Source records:
···

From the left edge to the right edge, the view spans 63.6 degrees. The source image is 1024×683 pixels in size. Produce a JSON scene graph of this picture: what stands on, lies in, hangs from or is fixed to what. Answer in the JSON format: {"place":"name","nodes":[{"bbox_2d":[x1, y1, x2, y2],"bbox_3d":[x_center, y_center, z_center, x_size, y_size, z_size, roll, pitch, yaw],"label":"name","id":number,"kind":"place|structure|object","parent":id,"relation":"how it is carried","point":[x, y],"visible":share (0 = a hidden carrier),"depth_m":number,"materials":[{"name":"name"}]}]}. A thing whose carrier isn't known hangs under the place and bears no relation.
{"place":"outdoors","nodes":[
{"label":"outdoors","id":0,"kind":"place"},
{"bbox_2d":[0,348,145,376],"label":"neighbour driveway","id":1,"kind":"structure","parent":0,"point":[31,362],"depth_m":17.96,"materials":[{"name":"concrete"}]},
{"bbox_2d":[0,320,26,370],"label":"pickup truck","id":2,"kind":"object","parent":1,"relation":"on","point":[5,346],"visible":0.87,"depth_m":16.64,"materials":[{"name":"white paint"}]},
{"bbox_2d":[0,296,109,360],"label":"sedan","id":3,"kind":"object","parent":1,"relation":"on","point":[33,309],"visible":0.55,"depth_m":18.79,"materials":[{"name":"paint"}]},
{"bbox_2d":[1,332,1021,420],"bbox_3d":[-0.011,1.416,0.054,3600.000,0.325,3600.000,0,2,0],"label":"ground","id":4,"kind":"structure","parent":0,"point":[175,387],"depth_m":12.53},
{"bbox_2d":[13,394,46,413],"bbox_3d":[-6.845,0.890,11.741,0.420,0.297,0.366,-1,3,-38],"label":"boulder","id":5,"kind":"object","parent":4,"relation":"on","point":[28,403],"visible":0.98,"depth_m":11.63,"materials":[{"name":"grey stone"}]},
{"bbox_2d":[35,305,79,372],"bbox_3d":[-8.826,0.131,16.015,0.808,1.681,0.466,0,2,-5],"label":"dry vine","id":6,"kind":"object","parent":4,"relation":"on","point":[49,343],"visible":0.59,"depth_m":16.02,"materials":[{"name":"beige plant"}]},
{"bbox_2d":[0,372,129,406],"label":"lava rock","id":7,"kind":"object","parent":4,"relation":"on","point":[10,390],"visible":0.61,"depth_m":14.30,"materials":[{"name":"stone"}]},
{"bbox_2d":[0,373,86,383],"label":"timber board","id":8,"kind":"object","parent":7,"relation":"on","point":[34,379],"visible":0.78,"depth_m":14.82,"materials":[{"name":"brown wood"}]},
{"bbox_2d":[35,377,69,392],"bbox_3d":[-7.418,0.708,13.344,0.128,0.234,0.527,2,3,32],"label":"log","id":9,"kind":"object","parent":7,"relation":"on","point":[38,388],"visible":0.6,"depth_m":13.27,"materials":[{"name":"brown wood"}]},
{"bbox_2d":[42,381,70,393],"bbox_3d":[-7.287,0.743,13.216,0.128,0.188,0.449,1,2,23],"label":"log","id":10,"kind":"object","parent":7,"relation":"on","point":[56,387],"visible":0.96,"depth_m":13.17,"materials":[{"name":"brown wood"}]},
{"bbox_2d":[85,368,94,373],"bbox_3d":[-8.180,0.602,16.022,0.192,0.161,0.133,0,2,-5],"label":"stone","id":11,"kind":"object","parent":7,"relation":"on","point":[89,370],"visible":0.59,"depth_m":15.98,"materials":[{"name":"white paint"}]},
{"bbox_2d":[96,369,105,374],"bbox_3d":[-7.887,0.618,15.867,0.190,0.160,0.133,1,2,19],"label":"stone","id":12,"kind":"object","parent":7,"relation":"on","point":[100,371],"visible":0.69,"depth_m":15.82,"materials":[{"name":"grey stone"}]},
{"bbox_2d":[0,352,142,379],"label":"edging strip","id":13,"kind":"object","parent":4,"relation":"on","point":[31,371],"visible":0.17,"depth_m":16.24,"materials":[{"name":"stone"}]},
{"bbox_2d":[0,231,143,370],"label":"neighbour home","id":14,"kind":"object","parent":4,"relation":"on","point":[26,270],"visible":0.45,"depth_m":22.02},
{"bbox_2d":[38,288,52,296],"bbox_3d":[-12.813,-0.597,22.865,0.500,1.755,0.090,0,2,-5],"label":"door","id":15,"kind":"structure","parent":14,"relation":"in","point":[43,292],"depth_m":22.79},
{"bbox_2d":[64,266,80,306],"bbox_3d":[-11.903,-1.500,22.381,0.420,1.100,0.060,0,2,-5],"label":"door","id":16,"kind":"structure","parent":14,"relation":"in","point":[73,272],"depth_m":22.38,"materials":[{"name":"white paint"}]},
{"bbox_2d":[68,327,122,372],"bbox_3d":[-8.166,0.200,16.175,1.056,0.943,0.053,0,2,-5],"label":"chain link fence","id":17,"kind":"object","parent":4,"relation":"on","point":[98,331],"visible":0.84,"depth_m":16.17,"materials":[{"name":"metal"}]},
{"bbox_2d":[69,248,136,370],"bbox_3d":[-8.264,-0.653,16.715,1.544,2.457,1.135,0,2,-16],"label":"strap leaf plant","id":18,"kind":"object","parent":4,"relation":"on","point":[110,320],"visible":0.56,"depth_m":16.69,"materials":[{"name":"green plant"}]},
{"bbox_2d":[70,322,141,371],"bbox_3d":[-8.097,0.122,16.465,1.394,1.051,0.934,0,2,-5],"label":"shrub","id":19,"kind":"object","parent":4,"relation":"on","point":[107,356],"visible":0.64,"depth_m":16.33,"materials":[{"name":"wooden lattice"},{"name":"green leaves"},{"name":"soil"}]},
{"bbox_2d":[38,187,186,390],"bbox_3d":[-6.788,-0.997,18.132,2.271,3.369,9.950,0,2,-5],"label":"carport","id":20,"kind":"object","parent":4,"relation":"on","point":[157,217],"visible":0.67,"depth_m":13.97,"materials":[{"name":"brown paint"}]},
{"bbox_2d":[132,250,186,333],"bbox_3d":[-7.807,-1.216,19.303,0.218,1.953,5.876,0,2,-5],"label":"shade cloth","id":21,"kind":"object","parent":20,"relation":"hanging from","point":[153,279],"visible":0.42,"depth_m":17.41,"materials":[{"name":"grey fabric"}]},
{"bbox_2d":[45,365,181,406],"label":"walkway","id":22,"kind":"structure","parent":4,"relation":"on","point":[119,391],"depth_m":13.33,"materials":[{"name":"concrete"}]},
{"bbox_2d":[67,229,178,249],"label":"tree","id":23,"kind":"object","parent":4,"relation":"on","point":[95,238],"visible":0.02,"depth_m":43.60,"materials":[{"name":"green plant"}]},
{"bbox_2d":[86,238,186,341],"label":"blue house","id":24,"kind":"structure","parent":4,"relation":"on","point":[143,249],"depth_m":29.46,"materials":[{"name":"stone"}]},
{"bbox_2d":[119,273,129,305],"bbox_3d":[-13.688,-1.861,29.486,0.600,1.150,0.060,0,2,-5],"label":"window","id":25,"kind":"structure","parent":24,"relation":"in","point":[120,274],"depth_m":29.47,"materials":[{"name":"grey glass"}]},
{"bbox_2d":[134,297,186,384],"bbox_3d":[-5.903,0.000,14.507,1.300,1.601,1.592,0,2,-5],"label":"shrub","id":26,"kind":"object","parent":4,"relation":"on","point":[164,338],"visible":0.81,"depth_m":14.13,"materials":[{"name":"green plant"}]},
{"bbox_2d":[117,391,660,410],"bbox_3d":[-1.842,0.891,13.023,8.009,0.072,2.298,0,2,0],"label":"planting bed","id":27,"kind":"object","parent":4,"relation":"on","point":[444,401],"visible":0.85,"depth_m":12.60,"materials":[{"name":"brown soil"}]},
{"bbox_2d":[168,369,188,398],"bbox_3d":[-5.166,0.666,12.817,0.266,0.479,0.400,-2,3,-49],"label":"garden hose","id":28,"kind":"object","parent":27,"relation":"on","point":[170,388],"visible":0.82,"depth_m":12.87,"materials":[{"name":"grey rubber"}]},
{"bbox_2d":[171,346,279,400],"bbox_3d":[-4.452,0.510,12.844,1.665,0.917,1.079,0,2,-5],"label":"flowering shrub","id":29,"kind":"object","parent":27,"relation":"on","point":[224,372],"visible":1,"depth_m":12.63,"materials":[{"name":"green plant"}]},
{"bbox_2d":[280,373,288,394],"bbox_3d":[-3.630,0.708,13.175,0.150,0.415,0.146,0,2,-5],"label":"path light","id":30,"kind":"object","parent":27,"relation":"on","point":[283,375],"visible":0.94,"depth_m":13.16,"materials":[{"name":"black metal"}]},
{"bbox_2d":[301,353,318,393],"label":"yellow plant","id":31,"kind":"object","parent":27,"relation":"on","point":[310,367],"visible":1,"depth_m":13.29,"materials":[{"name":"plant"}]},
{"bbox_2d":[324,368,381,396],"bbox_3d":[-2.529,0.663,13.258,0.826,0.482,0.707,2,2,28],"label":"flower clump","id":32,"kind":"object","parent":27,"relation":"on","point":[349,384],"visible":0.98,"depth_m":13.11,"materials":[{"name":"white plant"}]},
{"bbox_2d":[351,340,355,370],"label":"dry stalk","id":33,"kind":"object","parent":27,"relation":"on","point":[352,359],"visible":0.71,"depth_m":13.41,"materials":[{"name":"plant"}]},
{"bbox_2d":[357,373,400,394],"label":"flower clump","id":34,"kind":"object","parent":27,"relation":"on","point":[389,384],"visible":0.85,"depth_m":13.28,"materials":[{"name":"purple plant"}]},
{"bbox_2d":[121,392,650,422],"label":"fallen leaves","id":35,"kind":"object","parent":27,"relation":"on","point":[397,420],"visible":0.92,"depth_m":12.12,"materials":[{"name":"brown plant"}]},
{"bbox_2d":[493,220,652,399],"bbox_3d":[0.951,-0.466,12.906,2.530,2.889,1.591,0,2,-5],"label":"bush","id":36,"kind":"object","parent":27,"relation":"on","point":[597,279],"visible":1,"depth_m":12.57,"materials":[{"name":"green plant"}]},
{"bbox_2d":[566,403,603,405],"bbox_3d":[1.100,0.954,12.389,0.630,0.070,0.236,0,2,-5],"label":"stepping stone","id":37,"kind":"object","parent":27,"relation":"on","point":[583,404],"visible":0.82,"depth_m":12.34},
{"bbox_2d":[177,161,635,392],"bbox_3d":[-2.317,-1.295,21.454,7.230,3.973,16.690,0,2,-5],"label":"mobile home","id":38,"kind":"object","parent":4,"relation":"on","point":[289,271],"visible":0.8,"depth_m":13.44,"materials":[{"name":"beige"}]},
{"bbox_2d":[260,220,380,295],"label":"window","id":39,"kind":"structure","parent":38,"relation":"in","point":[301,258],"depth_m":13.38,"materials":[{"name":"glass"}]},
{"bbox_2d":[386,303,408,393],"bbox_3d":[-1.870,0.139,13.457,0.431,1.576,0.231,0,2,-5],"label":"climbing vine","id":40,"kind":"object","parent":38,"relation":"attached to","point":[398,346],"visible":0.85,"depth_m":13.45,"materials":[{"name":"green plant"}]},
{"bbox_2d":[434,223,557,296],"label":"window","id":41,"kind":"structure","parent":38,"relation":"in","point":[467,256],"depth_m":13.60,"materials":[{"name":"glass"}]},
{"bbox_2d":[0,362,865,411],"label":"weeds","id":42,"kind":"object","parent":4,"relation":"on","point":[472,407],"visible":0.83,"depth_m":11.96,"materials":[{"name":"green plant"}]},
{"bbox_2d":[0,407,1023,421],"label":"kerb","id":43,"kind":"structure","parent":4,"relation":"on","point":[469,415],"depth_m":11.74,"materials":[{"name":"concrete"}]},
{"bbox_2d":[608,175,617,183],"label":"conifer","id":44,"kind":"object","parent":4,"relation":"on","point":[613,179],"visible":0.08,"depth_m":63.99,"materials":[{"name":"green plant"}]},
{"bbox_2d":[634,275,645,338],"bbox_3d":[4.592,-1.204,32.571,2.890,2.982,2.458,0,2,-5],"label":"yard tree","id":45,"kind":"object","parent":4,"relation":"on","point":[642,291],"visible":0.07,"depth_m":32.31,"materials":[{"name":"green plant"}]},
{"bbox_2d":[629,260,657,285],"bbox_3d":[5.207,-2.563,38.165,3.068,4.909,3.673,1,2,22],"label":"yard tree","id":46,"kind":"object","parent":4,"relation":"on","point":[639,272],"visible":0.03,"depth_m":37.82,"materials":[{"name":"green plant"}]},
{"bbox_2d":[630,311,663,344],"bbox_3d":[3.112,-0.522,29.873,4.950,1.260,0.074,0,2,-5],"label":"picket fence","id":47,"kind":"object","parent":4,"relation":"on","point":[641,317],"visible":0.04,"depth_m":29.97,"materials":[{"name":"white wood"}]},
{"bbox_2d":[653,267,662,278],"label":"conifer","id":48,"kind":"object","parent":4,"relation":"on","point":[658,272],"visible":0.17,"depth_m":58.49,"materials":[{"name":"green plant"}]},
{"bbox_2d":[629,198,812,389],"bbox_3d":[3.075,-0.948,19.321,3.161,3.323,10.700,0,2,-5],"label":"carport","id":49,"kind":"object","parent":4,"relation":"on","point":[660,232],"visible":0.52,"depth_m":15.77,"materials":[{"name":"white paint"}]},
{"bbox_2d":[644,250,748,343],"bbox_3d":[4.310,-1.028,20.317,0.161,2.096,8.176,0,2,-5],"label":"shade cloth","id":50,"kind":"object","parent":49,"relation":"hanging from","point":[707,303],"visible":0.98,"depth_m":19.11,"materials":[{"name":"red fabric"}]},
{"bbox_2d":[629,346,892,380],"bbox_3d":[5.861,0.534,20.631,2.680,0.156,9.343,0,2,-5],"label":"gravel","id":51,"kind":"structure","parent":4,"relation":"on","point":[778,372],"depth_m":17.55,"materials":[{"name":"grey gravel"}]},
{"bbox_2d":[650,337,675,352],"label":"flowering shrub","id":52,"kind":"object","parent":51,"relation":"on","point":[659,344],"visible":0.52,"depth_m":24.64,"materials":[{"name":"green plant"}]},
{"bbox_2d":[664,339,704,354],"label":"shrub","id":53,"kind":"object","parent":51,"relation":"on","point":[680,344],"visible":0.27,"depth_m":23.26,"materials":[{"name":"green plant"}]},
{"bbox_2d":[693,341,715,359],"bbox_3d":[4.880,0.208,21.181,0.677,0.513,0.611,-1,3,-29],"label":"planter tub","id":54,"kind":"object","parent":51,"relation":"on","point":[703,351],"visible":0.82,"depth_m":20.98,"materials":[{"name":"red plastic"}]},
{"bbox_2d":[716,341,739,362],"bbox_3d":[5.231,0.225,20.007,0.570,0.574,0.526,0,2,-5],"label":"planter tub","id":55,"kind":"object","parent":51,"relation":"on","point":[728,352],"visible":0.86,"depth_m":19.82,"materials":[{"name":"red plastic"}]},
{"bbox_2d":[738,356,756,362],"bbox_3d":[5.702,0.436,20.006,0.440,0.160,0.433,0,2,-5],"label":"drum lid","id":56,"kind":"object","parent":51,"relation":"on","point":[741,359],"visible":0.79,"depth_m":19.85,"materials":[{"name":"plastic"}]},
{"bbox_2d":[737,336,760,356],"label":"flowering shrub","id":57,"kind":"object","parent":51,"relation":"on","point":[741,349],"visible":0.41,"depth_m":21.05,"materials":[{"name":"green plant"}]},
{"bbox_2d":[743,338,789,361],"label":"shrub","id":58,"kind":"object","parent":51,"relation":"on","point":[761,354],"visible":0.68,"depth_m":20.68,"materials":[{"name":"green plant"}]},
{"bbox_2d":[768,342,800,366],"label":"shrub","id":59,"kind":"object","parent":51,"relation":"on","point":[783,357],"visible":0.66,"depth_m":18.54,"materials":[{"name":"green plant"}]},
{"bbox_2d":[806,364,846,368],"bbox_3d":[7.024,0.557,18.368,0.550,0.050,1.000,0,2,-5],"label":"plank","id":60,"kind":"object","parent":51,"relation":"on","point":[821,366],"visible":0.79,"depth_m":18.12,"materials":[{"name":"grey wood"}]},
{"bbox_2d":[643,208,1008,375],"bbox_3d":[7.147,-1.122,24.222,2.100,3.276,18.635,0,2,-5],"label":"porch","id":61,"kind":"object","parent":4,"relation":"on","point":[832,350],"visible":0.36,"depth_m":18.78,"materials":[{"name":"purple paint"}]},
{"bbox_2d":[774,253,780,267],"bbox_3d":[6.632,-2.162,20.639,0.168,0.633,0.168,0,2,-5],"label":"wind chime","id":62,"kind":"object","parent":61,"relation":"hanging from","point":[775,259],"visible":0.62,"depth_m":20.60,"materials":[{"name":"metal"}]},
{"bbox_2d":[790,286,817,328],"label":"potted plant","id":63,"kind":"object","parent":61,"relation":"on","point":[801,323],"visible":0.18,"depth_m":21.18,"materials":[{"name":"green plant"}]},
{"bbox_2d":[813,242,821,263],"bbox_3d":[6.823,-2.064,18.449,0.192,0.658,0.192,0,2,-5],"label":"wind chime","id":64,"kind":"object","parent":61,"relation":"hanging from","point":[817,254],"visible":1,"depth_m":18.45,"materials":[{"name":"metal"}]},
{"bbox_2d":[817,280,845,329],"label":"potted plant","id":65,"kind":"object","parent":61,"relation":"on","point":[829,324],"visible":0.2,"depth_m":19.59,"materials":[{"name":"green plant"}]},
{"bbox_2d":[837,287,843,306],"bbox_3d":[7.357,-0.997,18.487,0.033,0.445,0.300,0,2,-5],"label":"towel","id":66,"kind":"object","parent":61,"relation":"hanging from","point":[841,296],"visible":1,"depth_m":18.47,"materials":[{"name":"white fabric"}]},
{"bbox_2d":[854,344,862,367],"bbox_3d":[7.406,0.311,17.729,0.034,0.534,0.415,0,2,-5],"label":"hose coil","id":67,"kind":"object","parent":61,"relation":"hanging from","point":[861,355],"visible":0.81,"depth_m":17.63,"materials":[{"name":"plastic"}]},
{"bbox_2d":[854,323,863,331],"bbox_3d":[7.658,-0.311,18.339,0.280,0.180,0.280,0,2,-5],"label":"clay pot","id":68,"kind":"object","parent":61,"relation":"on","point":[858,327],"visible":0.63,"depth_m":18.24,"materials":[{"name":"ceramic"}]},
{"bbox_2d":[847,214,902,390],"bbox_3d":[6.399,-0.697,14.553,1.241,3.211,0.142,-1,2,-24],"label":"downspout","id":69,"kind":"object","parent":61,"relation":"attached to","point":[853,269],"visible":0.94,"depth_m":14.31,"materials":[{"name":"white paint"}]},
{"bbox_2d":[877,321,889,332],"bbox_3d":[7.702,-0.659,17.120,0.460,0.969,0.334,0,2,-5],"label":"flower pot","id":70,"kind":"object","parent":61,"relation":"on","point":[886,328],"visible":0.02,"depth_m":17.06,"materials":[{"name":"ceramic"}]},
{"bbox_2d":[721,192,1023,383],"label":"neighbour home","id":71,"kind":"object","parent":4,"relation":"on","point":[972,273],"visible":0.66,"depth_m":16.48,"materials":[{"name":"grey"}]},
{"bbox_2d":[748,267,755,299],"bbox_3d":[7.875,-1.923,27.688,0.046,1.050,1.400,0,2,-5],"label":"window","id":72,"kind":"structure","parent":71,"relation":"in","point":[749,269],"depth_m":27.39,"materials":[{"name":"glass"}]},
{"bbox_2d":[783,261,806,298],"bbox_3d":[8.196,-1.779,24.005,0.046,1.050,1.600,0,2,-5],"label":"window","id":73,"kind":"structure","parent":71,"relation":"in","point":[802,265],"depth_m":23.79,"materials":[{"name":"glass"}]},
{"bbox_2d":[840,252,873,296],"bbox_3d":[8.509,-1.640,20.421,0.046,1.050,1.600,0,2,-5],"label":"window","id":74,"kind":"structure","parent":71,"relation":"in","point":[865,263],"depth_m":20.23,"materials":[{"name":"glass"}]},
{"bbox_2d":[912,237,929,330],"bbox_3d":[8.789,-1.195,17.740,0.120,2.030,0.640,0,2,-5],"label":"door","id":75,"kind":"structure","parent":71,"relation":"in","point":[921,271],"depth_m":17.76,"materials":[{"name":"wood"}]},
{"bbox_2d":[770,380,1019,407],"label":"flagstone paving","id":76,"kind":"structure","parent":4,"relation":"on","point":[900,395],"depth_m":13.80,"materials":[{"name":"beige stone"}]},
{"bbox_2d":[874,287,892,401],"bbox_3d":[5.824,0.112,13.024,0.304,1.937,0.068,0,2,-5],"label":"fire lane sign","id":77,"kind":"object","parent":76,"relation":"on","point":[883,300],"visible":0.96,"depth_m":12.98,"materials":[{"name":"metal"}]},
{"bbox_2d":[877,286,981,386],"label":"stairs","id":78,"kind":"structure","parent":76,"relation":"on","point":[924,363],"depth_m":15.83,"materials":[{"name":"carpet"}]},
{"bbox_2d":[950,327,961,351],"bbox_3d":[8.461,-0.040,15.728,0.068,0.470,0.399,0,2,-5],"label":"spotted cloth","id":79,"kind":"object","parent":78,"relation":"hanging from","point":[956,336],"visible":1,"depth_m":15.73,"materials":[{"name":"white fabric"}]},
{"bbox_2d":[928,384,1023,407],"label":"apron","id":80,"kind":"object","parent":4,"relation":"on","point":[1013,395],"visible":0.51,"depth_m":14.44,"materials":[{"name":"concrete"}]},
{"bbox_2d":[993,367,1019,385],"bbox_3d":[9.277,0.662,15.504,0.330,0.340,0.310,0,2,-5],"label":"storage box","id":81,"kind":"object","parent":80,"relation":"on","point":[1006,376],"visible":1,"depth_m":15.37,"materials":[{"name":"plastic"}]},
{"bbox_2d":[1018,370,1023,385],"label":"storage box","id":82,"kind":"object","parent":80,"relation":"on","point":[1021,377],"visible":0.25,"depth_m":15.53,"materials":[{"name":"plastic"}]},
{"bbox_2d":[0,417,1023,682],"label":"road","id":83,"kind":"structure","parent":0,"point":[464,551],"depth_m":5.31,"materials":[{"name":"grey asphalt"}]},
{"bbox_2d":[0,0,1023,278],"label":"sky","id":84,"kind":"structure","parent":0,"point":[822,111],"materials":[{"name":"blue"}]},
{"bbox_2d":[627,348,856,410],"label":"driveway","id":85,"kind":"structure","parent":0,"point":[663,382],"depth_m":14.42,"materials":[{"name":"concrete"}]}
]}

···

> **What to do**:
Filter the records for lines containing the word "vine" and copy each one.

> **Solution for this exercise**:
{"bbox_2d":[35,305,79,372],"bbox_3d":[-8.826,0.131,16.015,0.808,1.681,0.466,0,2,-5],"label":"dry vine","id":6,"kind":"object","parent":4,"relation":"on","point":[49,343],"visible":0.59,"depth_m":16.02,"materials":[{"name":"beige plant"}]},
{"bbox_2d":[386,303,408,393],"bbox_3d":[-1.870,0.139,13.457,0.431,1.576,0.231,0,2,-5],"label":"climbing vine","id":40,"kind":"object","parent":38,"relation":"attached to","point":[398,346],"visible":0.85,"depth_m":13.45,"materials":[{"name":"green plant"}]},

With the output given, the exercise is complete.